Phase B2 of the observability rollout — the real source of truth for the provisioner's slog default, New Relic agent init, nrgrpc unary interceptor, trace-id stamper, and HTTP /healthz sidecar on :8092 was staged under api/provisioner/ in the api repo as a reference scaffold. This PR moves those four files into the canonical provisioner repo (here) and switches imports from the temporary instant.dev/provisioner/internal/_obs_stubs/{buildinfo,logctx} stubs to the canonical instant.dev/common/{buildinfo,logctx} packages — the same swap as InstaNode-dev/api#40.
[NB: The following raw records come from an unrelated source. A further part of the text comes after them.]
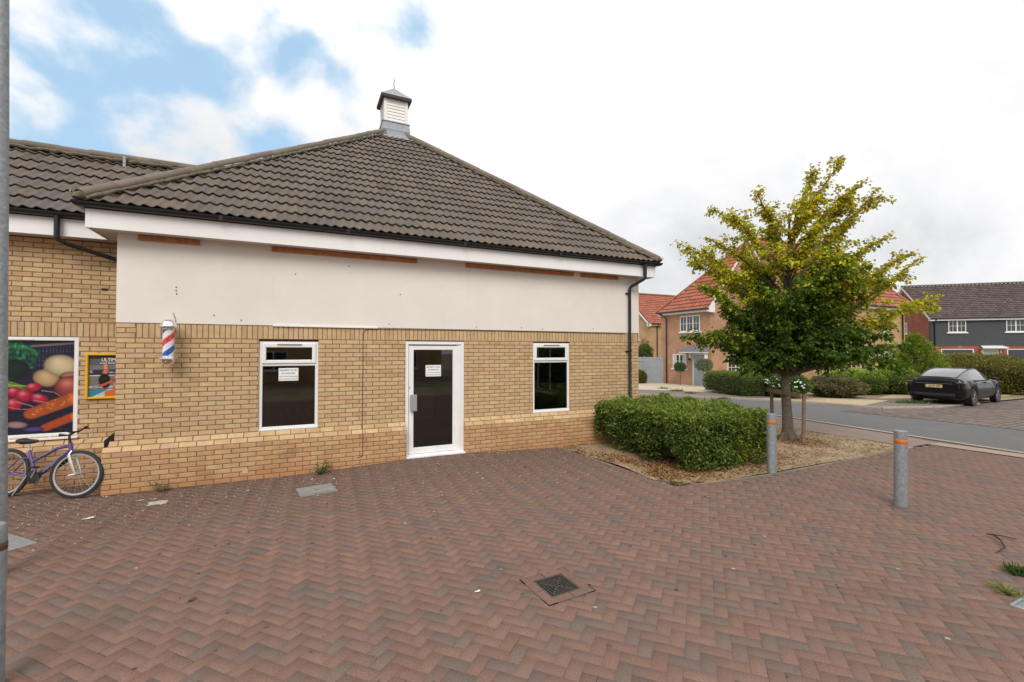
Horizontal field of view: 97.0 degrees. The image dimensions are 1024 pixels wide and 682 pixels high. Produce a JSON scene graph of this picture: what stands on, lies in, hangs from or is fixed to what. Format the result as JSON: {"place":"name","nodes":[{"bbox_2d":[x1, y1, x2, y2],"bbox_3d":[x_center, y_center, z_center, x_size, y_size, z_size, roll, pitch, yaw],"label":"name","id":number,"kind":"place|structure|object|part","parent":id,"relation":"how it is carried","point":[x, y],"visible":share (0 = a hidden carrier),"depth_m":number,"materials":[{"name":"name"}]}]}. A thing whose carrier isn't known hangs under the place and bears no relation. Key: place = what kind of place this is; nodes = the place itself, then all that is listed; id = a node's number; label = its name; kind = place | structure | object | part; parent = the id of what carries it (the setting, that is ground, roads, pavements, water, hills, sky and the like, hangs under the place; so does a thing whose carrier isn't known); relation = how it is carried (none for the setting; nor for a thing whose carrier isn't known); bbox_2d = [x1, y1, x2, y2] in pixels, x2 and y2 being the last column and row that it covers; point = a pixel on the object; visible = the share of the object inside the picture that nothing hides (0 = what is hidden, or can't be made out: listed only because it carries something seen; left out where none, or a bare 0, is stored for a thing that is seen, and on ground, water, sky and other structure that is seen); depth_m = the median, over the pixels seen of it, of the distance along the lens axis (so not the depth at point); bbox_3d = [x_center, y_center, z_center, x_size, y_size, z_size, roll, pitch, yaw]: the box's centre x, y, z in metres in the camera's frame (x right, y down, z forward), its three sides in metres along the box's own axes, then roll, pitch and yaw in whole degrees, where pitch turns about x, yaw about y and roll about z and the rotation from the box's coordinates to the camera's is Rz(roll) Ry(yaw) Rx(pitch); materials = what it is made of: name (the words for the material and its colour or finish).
{"place":"outdoors","nodes":[
{"label":"outdoors","id":0,"kind":"place"},
{"bbox_2d":[5,444,1023,681],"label":"block paving","id":1,"kind":"structure","parent":0,"point":[975,511],"depth_m":4.16,"materials":[{"name":"red brick"}]},
{"bbox_2d":[0,0,9,572],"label":"lamp post","id":2,"kind":"object","parent":1,"relation":"on","point":[4,130],"visible":0.9,"depth_m":4.22,"materials":[{"name":"metal"}]},
{"bbox_2d":[0,521,9,681],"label":"bollard","id":3,"kind":"object","parent":1,"relation":"on","point":[3,560],"visible":1,"depth_m":2.80,"materials":[{"name":"metal"}]},
{"bbox_2d":[8,533,36,550],"bbox_3d":[-5.495,2.172,4.714,0.600,0.028,0.600,0,-1,23],"label":"inspection cover","id":4,"kind":"object","parent":1,"relation":"on","point":[15,542],"visible":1,"depth_m":4.86,"materials":[{"name":"metal"}]},
{"bbox_2d":[8,426,103,498],"bbox_3d":[-6.649,1.711,6.431,1.711,0.985,0.617,0,-8,5],"label":"bicycle","id":5,"kind":"object","parent":1,"relation":"on","point":[33,475],"visible":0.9,"depth_m":6.40,"materials":[{"name":"metal"}]},
{"bbox_2d":[147,500,167,505],"bbox_3d":[-4.801,2.189,6.148,0.228,0.008,0.191,1,-1,-31],"label":"stopcock cover","id":6,"kind":"object","parent":1,"relation":"on","point":[157,502],"visible":1,"depth_m":6.13,"materials":[{"name":"concrete"}]},
{"bbox_2d":[149,479,172,493],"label":"leafy weed","id":7,"kind":"object","parent":1,"relation":"on","point":[159,489],"visible":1,"depth_m":6.62,"materials":[{"name":"green plant"}]},
{"bbox_2d":[296,483,337,496],"bbox_3d":[-2.875,2.199,6.671,0.500,0.032,0.430,1,-1,-34],"label":"inspection cover","id":8,"kind":"object","parent":1,"relation":"on","point":[314,490],"visible":0.98,"depth_m":6.62,"materials":[{"name":"concrete"}]},
{"bbox_2d":[8,447,632,573],"bbox_3d":[-2.298,2.156,6.287,9.053,0.104,3.279,1,-1,-25],"label":"grit","id":9,"kind":"object","parent":1,"relation":"on","point":[275,498],"visible":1,"depth_m":6.44,"materials":[{"name":"gravel"}]},
{"bbox_2d":[312,458,332,473],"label":"leafy weed","id":10,"kind":"object","parent":1,"relation":"on","point":[320,469],"visible":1,"depth_m":7.48,"materials":[{"name":"green plant"}]},
{"bbox_2d":[8,455,1016,681],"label":"gum spots","id":11,"kind":"object","parent":1,"relation":"on","point":[608,644],"visible":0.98,"depth_m":4.54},
{"bbox_2d":[534,574,579,596],"bbox_3d":[0.394,2.188,3.991,0.298,0.082,0.298,1,-1,-29],"label":"drain gully","id":12,"kind":"object","parent":1,"relation":"in","point":[555,585],"visible":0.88,"depth_m":4.00,"materials":[{"name":"metal"}]},
{"bbox_2d":[520,568,594,604],"bbox_3d":[0.394,2.154,3.991,0.472,0.018,0.472,1,-1,-29],"label":"gully surround","id":13,"kind":"object","parent":1,"relation":"on","point":[548,599],"visible":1,"depth_m":3.96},
{"bbox_2d":[519,567,595,605],"bbox_3d":[0.394,2.147,3.991,0.484,0.001,0.484,1,-1,-29],"label":"gully joint","id":14,"kind":"object","parent":1,"relation":"on","point":[561,594],"visible":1,"depth_m":3.90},
{"bbox_2d":[581,447,913,484],"bbox_3d":[4.761,2.251,8.323,7.566,0.038,2.680,0,-1,0],"label":"bed edging","id":15,"kind":"object","parent":1,"relation":"on","point":[750,476],"visible":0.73,"depth_m":7.84,"materials":[{"name":"grey concrete"}]},
{"bbox_2d":[766,413,777,474],"bbox_3d":[4.375,1.751,7.641,0.186,1.050,0.185,1,-1,-25],"label":"bollard","id":16,"kind":"object","parent":1,"relation":"on","point":[771,443],"visible":0.96,"depth_m":7.58,"materials":[{"name":"metal"}]},
{"bbox_2d":[892,430,909,507],"bbox_3d":[5.170,1.718,6.031,0.185,1.050,0.186,0,-1,7],"label":"bollard","id":17,"kind":"object","parent":1,"relation":"on","point":[900,454],"visible":0.93,"depth_m":5.97,"materials":[{"name":"metal"}]},
{"bbox_2d":[931,442,1023,457],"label":"road margin","id":18,"kind":"object","parent":1,"relation":"on","point":[980,449],"visible":1,"depth_m":9.39,"materials":[{"name":"grey concrete"}]},
{"bbox_2d":[980,577,1023,598],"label":"grass tuft","id":19,"kind":"object","parent":1,"relation":"on","point":[1002,588],"visible":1,"depth_m":3.86,"materials":[{"name":"green plant"}]},
{"bbox_2d":[987,534,1016,552],"bbox_3d":[5.150,2.138,4.847,0.665,0.046,0.216,1,-1,-31],"label":"fallen twig","id":20,"kind":"object","parent":1,"relation":"on","point":[995,535],"visible":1,"depth_m":4.92,"materials":[{"name":"brown wood"}]},
{"bbox_2d":[997,560,1023,576],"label":"grass tuft","id":21,"kind":"object","parent":1,"relation":"on","point":[1013,570],"visible":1,"depth_m":4.21,"materials":[{"name":"green plant"}]},
{"bbox_2d":[1009,597,1023,609],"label":"inspection cover","id":22,"kind":"object","parent":1,"relation":"on","point":[1020,605],"visible":0.98,"depth_m":3.68,"materials":[{"name":"metal"}]},
{"bbox_2d":[9,0,1023,299],"label":"sky","id":23,"kind":"structure","parent":0,"point":[633,119],"materials":[{"name":"white"}]},
{"bbox_2d":[574,398,1023,594],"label":"ground","id":24,"kind":"structure","parent":0,"point":[914,447],"depth_m":10.12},
{"bbox_2d":[8,79,662,495],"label":"shop building","id":25,"kind":"structure","parent":24,"relation":"on","point":[358,281],"depth_m":7.87,"materials":[{"name":"brick"}]},
{"bbox_2d":[8,337,78,441],"bbox_3d":[-7.701,0.711,6.598,2.155,1.557,0.125,1,-1,-25],"label":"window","id":26,"kind":"structure","parent":25,"relation":"in","point":[43,371],"depth_m":6.89,"materials":[{"name":"multicoloured plastic"}]},
{"bbox_2d":[85,353,115,398],"bbox_3d":[-6.379,0.553,7.180,0.576,0.717,0.042,1,-1,-25],"label":"framed poster","id":27,"kind":"object","parent":25,"relation":"attached to","point":[100,368],"visible":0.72,"depth_m":7.14,"materials":[{"name":"multicoloured paper"}]},
{"bbox_2d":[158,313,177,365],"bbox_3d":[-5.109,-0.034,6.757,0.236,0.802,0.316,1,-1,-25],"label":"barber pole","id":28,"kind":"object","parent":25,"relation":"attached to","point":[168,357],"visible":1,"depth_m":6.66,"materials":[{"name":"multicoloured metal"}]},
{"bbox_2d":[279,368,297,380],"bbox_3d":[-3.745,0.559,7.599,0.297,0.212,0.002,1,-1,-25],"label":"notice","id":29,"kind":"object","parent":25,"relation":"attached to","point":[288,374],"visible":1,"depth_m":7.60,"materials":[{"name":"white paper"}]},
{"bbox_2d":[258,341,318,430],"bbox_3d":[-3.738,0.745,7.609,0.895,1.470,0.102,1,-1,-25],"label":"window","id":30,"kind":"structure","parent":25,"relation":"in","point":[263,362],"depth_m":7.57,"materials":[{"name":"white plastic"}]},
{"bbox_2d":[426,365,440,376],"bbox_3d":[-1.502,0.567,8.655,0.300,0.216,0.002,1,-1,-25],"label":"notice","id":31,"kind":"object","parent":25,"relation":"attached to","point":[433,370],"visible":1,"depth_m":8.66,"materials":[{"name":"white paper"}]},
{"bbox_2d":[405,341,464,458],"bbox_3d":[-1.455,1.091,8.627,1.170,2.160,0.180,1,-1,-25],"label":"door","id":32,"kind":"structure","parent":25,"relation":"in","point":[457,446],"depth_m":8.68,"materials":[{"name":"white plastic"}]},
{"bbox_2d":[535,348,558,394],"bbox_3d":[1.057,0.878,14.365,0.380,1.505,1.800,1,-1,-25],"label":"window","id":33,"kind":"structure","parent":25,"relation":"in","point":[546,372],"depth_m":14.54,"materials":[{"name":"black glass"}]},
{"bbox_2d":[533,343,569,412],"bbox_3d":[0.837,0.784,9.771,0.915,1.483,0.102,1,-1,-25],"label":"window","id":34,"kind":"structure","parent":25,"relation":"in","point":[535,345],"depth_m":9.76,"materials":[{"name":"white plastic"}]},
{"bbox_2d":[639,390,964,406],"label":"footway","id":35,"kind":"structure","parent":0,"point":[892,403],"depth_m":20.24,"materials":[{"name":"concrete"}]},
{"bbox_2d":[758,398,887,404],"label":"sandy verge","id":36,"kind":"structure","parent":35,"relation":"on","point":[850,401],"depth_m":19.23,"materials":[{"name":"beige sand"}]},
{"bbox_2d":[887,400,914,403],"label":"kerb weed","id":37,"kind":"object","parent":35,"relation":"on","point":[898,401],"visible":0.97,"depth_m":18.25,"materials":[{"name":"green plant"}]},
{"bbox_2d":[903,399,935,403],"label":"kerb weed","id":38,"kind":"object","parent":35,"relation":"on","point":[918,402],"visible":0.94,"depth_m":18.19,"materials":[{"name":"green plant"}]},
{"bbox_2d":[639,395,1023,451],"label":"road","id":39,"kind":"structure","parent":0,"point":[1007,438],"depth_m":13.20,"materials":[{"name":"grey asphalt"}]},
{"bbox_2d":[639,393,880,408],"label":"kerb","id":40,"kind":"structure","parent":39,"relation":"on","point":[846,405],"depth_m":19.39,"materials":[{"name":"concrete"}]},
{"bbox_2d":[776,415,1023,453],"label":"kerb","id":41,"kind":"structure","parent":39,"relation":"on","point":[953,442],"depth_m":10.56,"materials":[{"name":"concrete"}]},
{"bbox_2d":[881,403,979,408],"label":"kerb","id":42,"kind":"structure","parent":39,"relation":"on","point":[937,406],"depth_m":16.93,"materials":[{"name":"concrete"}]},
{"bbox_2d":[844,398,1023,429],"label":"street setts","id":43,"kind":"structure","parent":39,"relation":"on","point":[986,416],"depth_m":15.34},
{"bbox_2d":[905,367,1000,406],"bbox_3d":[18.665,1.857,19.086,4.725,1.494,2.060,1,-1,-30],"label":"parked car","id":44,"kind":"object","parent":43,"relation":"on","point":[970,386],"visible":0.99,"depth_m":18.05,"materials":[{"name":"black paint"}]},
{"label":"rear window","id":45,"kind":"part","parent":44,"relation":"part of","materials":[{"name":"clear glass"}]},
{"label":"side window","id":46,"kind":"part","parent":44,"relation":"part of","materials":[{"name":"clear glass"}]},
{"bbox_2d":[663,390,1023,401],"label":"garden ground","id":47,"kind":"structure","parent":0,"point":[1010,397],"depth_m":20.79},
{"bbox_2d":[638,370,647,383],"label":"shrub","id":48,"kind":"object","parent":47,"relation":"on","point":[643,376],"visible":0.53,"depth_m":31.53,"materials":[{"name":"green plant"}]},
{"bbox_2d":[638,338,653,357],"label":"climbing shrub","id":49,"kind":"object","parent":47,"relation":"on","point":[645,349],"visible":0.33,"depth_m":41.82,"materials":[{"name":"green plant"}]},
{"bbox_2d":[638,357,663,382],"bbox_3d":[8.933,2.127,32.322,3.570,2.020,0.130,0,-1,12],"label":"board fence","id":50,"kind":"object","parent":47,"relation":"on","point":[652,367],"visible":0.27,"depth_m":32.13,"materials":[{"name":"grey wood"}]},
{"bbox_2d":[638,293,677,356],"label":"brick house","id":51,"kind":"structure","parent":47,"relation":"on","point":[650,305],"depth_m":45.98,"materials":[{"name":"brick"}]},
{"bbox_2d":[674,362,686,384],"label":"standard bush","id":52,"kind":"object","parent":47,"relation":"on","point":[679,366],"visible":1,"depth_m":29.57,"materials":[{"name":"green plant"}]},
{"bbox_2d":[639,383,728,392],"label":"gravel drive","id":53,"kind":"structure","parent":47,"relation":"on","point":[656,386],"depth_m":27.42,"materials":[{"name":"beige gravel"}]},
{"bbox_2d":[702,369,765,395],"bbox_3d":[11.066,2.063,22.918,1.449,1.223,3.834,0,-1,-9],"label":"box hedge","id":54,"kind":"object","parent":53,"relation":"on","point":[726,381],"visible":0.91,"depth_m":21.95,"materials":[{"name":"green plant"}]},
{"bbox_2d":[694,358,713,385],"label":"standard bush","id":55,"kind":"object","parent":47,"relation":"on","point":[702,366],"visible":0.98,"depth_m":27.77,"materials":[{"name":"green plant"}]},
{"bbox_2d":[655,237,909,385],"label":"brick house","id":56,"kind":"structure","parent":47,"relation":"on","point":[681,314],"depth_m":30.11,"materials":[{"name":"brown brick"}]},
{"bbox_2d":[671,354,687,369],"bbox_3d":[11.340,1.413,30.699,0.090,1.060,1.440,1,-1,-25],"label":"window","id":57,"kind":"structure","parent":56,"relation":"in","point":[677,358],"depth_m":30.69,"materials":[{"name":"white glass"}]},
{"bbox_2d":[678,315,700,332],"bbox_3d":[11.727,-1.103,29.933,0.090,1.140,1.890,1,-1,-25],"label":"window","id":58,"kind":"structure","parent":56,"relation":"in","point":[686,322],"depth_m":29.89,"materials":[{"name":"white glass"}]},
{"bbox_2d":[693,354,704,385],"bbox_3d":[12.059,1.902,29.192,0.030,2.060,0.900,1,-1,-25],"label":"front door","id":59,"kind":"structure","parent":56,"relation":"in","point":[698,375],"depth_m":29.24,"materials":[{"name":"grey wood"}]},
{"bbox_2d":[727,355,744,370],"bbox_3d":[14.759,1.752,29.426,2.390,1.750,0.090,1,-1,-25],"label":"window","id":60,"kind":"structure","parent":56,"relation":"in","point":[729,367],"depth_m":29.19,"materials":[{"name":"white glass"}]},
{"bbox_2d":[758,373,813,398],"bbox_3d":[12.650,1.984,21.401,1.805,1.450,3.842,0,-1,0],"label":"rose bush","id":61,"kind":"object","parent":47,"relation":"on","point":[799,384],"visible":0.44,"depth_m":20.15,"materials":[{"name":"green plant"}]},
{"bbox_2d":[818,370,843,375],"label":"clipped shrub","id":62,"kind":"object","parent":47,"relation":"on","point":[832,372],"visible":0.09,"depth_m":24.46,"materials":[{"name":"green plant"}]},
{"bbox_2d":[810,373,871,397],"bbox_3d":[14.988,2.102,21.043,2.226,1.200,2.585,1,-1,-25],"label":"flowering shrub","id":63,"kind":"object","parent":47,"relation":"on","point":[844,386],"visible":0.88,"depth_m":20.46,"materials":[{"name":"green plant"}]},
{"bbox_2d":[842,367,862,377],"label":"clipped shrub","id":64,"kind":"object","parent":47,"relation":"on","point":[851,373],"visible":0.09,"depth_m":23.16,"materials":[{"name":"green plant"}]},
{"bbox_2d":[853,369,888,394],"bbox_3d":[17.684,2.052,22.487,1.611,1.345,1.645,1,-1,-25],"label":"clipped shrub","id":65,"kind":"object","parent":47,"relation":"on","point":[878,384],"visible":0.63,"depth_m":21.98,"materials":[{"name":"green plant"}]},
{"bbox_2d":[881,393,1009,397],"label":"sandy verge","id":66,"kind":"structure","parent":47,"relation":"on","point":[897,395],"depth_m":21.21,"materials":[{"name":"beige sand"}]},
{"bbox_2d":[875,367,920,394],"bbox_3d":[19.316,1.984,22.813,2.245,1.522,2.357,1,-1,-25],"label":"clipped shrub","id":67,"kind":"object","parent":66,"relation":"on","point":[895,386],"visible":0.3,"depth_m":22.19,"materials":[{"name":"green plant"}]},
{"bbox_2d":[884,332,952,375],"bbox_3d":[20.646,1.163,23.295,3.542,3.273,3.596,1,-1,-25],"label":"broadleaf shrub","id":68,"kind":"object","parent":66,"relation":"on","point":[924,347],"visible":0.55,"depth_m":22.82,"materials":[{"name":"green plant"}]},
{"bbox_2d":[898,281,1023,358],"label":"clad house","id":69,"kind":"structure","parent":47,"relation":"on","point":[967,318],"depth_m":39.52,"materials":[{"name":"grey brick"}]},
{"bbox_2d":[947,320,967,332],"bbox_3d":[38.508,-1.251,39.214,1.460,1.180,0.090,0,-1,18],"label":"window","id":70,"kind":"structure","parent":69,"relation":"in","point":[953,326],"depth_m":39.21,"materials":[{"name":"white glass"}]},
{"bbox_2d":[942,350,972,353],"bbox_3d":[38.530,2.265,39.209,2.120,3.030,0.014,0,-1,18],"label":"garage door","id":71,"kind":"structure","parent":69,"relation":"in","point":[944,351],"depth_m":39.25,"materials":[{"name":"grey metal"}]},
{"bbox_2d":[984,350,996,354],"bbox_3d":[40.682,2.065,38.521,0.900,2.600,0.020,0,-1,18],"label":"front door","id":72,"kind":"structure","parent":69,"relation":"in","point":[989,352],"depth_m":38.54,"materials":[{"name":"white"}]},
{"bbox_2d":[1004,319,1023,332],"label":"window","id":73,"kind":"structure","parent":69,"relation":"in","point":[1012,326],"depth_m":38.02,"materials":[{"name":"white glass"}]},
{"bbox_2d":[1008,350,1023,358],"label":"garage door","id":74,"kind":"structure","parent":69,"relation":"in","point":[1016,353],"depth_m":38.01,"materials":[{"name":"grey metal"}]},
{"bbox_2d":[909,352,1023,394],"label":"mounded hedge","id":75,"kind":"object","parent":47,"relation":"on","point":[1007,371],"visible":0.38,"depth_m":22.48,"materials":[{"name":"green plant"}]},
{"bbox_2d":[776,416,935,446],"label":"footway","id":76,"kind":"structure","parent":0,"point":[848,432],"depth_m":11.36,"materials":[{"name":"concrete"}]},
{"bbox_2d":[794,428,892,443],"bbox_3d":[6.961,2.342,12.673,0.075,0.084,6.644,1,-1,-27],"label":"bed edging","id":77,"kind":"object","parent":76,"relation":"on","point":[847,436],"visible":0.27,"depth_m":10.61,"materials":[{"name":"grey concrete"}]},
{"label":"rear ground","id":78,"kind":"structure","parent":0,"visible":0},
{"bbox_2d":[561,425,912,484],"bbox_3d":[2.717,2.373,13.969,6.840,0.115,12.840,1,-1,-25],"label":"planting bed","id":79,"kind":"object","parent":78,"relation":"on","point":[795,448],"visible":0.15,"depth_m":8.96,"materials":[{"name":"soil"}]},
{"bbox_2d":[669,480,680,485],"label":"grass tuft","id":80,"kind":"object","parent":79,"relation":"on","point":[674,482],"visible":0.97,"depth_m":6.98,"materials":[{"name":"green plant"}]},
{"bbox_2d":[592,391,768,472],"bbox_3d":[3.293,1.690,9.062,2.359,1.260,2.950,1,-1,-25],"label":"clipped hedge","id":81,"kind":"object","parent":79,"relation":"on","point":[687,429],"visible":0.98,"depth_m":8.14,"materials":[{"name":"green plant"}]},
{"bbox_2d":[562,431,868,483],"bbox_3d":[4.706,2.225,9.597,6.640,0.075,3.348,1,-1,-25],"label":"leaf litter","id":82,"kind":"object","parent":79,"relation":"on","point":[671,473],"visible":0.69,"depth_m":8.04,"materials":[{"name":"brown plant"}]},
{"bbox_2d":[766,388,805,444],"bbox_3d":[6.387,1.731,10.476,0.269,1.212,1.105,0,-1,-8],"label":"tree stake","id":83,"kind":"object","parent":79,"relation":"on","point":[803,428],"visible":0.81,"depth_m":9.98,"materials":[{"name":"wood"}]},
{"bbox_2d":[670,155,944,441],"bbox_3d":[6.861,-1.045,10.853,5.498,6.775,3.668,1,-1,-25],"label":"street tree","id":84,"kind":"object","parent":79,"relation":"on","point":[805,324],"visible":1,"depth_m":10.27,"materials":[{"name":"green plant"}]}
]}

Pair with the deployment manifest update in infra/k8s/provisioner/deployment.yaml (lives in the api repo) to add containerPort: 8092 named healthz once the new image is wired into the rollout pipeline.

Changes

  • main.go: install logctx slog default; replace single UnaryInterceptor with ChainUnaryInterceptor(auth, composeTraceIDInjector(nrgrpc.UnaryServerInterceptor(nrApp))); start :8092 HTTP /healthz sidecar; graceful shutdown of both surfaces on SIGTERM.
  • internal/server/healthz.go: HealthzHandler returning {ok, service, commit_id, build_time, version} JSON, reading buildinfo from instant.dev/common/buildinfo so the existing Dockerfile -ldflags -X path lights it up.
  • internal/server/healthz_test.go: response-shape + method-agnostic assertions.
  • main_test.go: 11 tests covering fail-open NR init (empty + bogus key), port non-collision with gRPC, trace-id propagation end-to-end through the chained interceptor, and logctx round-trip via the common package's TraceIDFromContext getter (the stub used TraceID — renamed here).
  • Dockerfile: bump builder from golang:1.24-alpine to golang:1.25-alpine — the New Relic Go agent v3.43.3 declares go 1.25 in its go.mod, which transitively forces this module to go 1.25.0.
  • go.mod / go.sum: pull in github.com/newrelic/go-agent/v3 and github.com/newrelic/go-agent/v3/integrations/nrgrpc.

Test counts

go test ./... -v
-> 34 PASS, 0 FAIL, 0 SKIP

11 of the 34 are the new tests in main_test.go; 2 of the 34 are the new internal healthz_test.go; the remaining 21 are pre-existing tests unaffected by the relocation.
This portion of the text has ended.